Солдаты армии Трэш (Лялин) - страница 33

Чавканье, чавканье, легкая ругань, чавканье – вот звуковая дорожка нашего похода. И я подумал, что она будет такою же, если исколесить Россию-матушку вдоль и поперек.

Я думал так до тех пор, пока Катя не сказала:

– Стойте! Кажется, мы пришли!

И это прозвучало как приговор. Смертный приговор. Мы стояли возле небольшого деревянного дома. Он был настолько старым, что даже потерял не только свой истинный, но и приобретенный со временем цвет. Широкие трещины расщепляли брусья вдоль. Кое-где на дом забирался зеленоватый мох, похожий на сфагнум. Фундамент погрузился в паутину зарослей репейника. Половину фронтона домика с фасада занимали засохшие поросли хмеля. Крышу покрывал шифер. Он был очень древним, об этом говорила хотя бы та деталь, что из серого он превратился в землисто-серый. На этом фоне не удивляла вся в сантиметровом слое сажи печная труба. Наверняка они топят углем, подумал я, его и проще достать (украсть), и разогревает печку довольно быстро. «Самое простое движение – вниз», – вертелось в голове.

Оглянувшись, я понял – это центр самобытной местной культуры. Когда я повернулся, Катя, Тесак и Прыщ заходили в дверь, на пороге оттирая обувь от грязи.
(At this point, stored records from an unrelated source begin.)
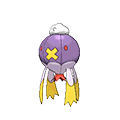
Pok\u00e9mon: drifblim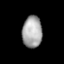
Tissue: lung
Cell type: Fibroblasts
Senescence score: 0.6004
Nuclear area (px): 618
Mean DAPI intensity: 165.22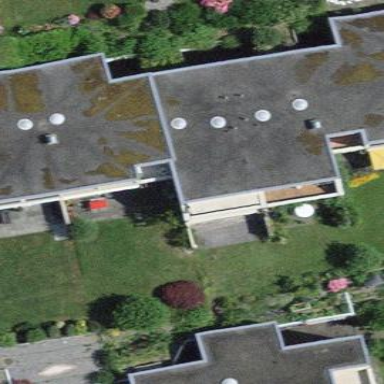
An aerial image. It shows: Terrace building.

Внутри надо было сразу привыкать к темноте, которая, казалось, стекалась к глазам из каждого уголка домика. Кто-то взял меня за руку и повел. Впереди раздался удар об дерево. Должно быть, Тесак не рассчитал и нагнулся недостаточно низко. В нос ударяли различные резкие запахи, и невозможно было понять, который из них связующий и основной для данного помещения. Мы свернули налево, я перешагнул порог, и рука тут же отпустила мою кисть. Глаза, лишь чуточку привыкли, сразу начали различать наиболее характерные предметы в помещении. Шагах в трех справа от меня белела русская печь. Еще правее, сквозь занавешенное окно, еле пробивался слабый вечерний свет. Рядом, по обеим от меня сторонам, стояли, очевидно, мои друзья. На левой стене тоже имелось одно небольшое оконце. В глубине, в темноте комнатухи, виднелись передний край стола, пара стульев. Все из старого дерева, пахнущего трухой. Пол покрывали половицы, носящие печать времен, грязные и растрепанные. Пахло сыростью, плесенью и горящей лампадкой. Ее саму не было видно, но зато кто-то догадался зажечь свечку и от нее – керосиновую лампу, которую поставили на пол. И только теперь я начал узнавать в странных очертаниях на измазанной белой стене печи чуть подрагивающий силуэт человека. Тот сидел в позе лотоса, соединив на каждой руке по большому и безымянному пальцу. Медитация. Под ним постелена циновка с чудными яркими рисунками. Вся грязная. В слегка трепещущем освещении лампы его лицо походило на средневековый барельеф. Только вот длинные, ниспадающие на плечи дрэды – явный признак современной культуры. Неожиданно из хаоса запахов вырвался один, хорошо знакомый мне. Запах сандаловой палочки. Благовония, блин, чистка души посреди внешней беспорядочности бытия. А чувак умеет себя подать, думалось мне.